_YOUR OBJECTIVE_. Out of the records below, copy all lines in which the word "transform" occurs.

.....

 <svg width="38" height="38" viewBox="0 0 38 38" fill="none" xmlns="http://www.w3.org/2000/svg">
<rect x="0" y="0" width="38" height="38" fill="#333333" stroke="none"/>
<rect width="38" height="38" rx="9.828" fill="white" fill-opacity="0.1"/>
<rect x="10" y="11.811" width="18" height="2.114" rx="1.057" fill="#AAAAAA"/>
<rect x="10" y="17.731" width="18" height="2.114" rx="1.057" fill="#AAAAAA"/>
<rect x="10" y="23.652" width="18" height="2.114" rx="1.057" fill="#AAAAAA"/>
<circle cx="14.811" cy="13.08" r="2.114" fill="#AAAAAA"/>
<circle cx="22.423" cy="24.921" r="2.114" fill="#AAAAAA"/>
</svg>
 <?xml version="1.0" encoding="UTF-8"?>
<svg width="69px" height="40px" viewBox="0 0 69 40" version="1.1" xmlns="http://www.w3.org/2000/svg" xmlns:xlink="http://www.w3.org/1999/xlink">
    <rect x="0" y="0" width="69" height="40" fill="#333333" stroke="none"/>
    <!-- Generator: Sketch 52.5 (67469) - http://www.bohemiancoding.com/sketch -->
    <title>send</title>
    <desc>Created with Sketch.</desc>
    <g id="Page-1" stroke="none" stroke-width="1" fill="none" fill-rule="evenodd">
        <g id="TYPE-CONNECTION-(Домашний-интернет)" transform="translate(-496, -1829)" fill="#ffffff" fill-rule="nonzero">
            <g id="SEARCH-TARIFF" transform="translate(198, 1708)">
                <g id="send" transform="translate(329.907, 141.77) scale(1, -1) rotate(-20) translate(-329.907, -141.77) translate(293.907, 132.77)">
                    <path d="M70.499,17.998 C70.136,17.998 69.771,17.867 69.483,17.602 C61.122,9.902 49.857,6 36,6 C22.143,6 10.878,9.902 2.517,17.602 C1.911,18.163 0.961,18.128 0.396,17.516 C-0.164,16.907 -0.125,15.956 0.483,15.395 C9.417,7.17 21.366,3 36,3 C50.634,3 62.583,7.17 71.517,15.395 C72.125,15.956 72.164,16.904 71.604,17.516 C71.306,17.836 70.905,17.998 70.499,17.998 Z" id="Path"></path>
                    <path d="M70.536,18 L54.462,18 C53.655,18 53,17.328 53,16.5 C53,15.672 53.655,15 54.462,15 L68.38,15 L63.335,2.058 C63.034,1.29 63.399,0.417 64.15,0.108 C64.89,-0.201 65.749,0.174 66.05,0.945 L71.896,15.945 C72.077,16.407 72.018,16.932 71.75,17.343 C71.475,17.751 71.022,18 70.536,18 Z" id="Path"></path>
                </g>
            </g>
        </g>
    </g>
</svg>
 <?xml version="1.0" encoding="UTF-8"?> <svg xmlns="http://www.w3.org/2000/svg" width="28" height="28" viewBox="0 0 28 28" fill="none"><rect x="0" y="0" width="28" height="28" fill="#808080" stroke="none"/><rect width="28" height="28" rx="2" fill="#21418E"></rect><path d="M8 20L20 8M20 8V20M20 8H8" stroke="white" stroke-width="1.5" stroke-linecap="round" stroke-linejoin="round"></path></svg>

.....

_RESULT OF THIS TASK_.
        <g id="TYPE-CONNECTION-(Домашний-интернет)" transform="translate(-496, -1829)" fill="#ffffff" fill-rule="nonzero">
            <g id="SEARCH-TARIFF" transform="translate(198, 1708)">
                <g id="send" transform="translate(329.907, 141.77) scale(1, -1) rotate(-20) translate(-329.907, -141.77) translate(293.907, 132.77)">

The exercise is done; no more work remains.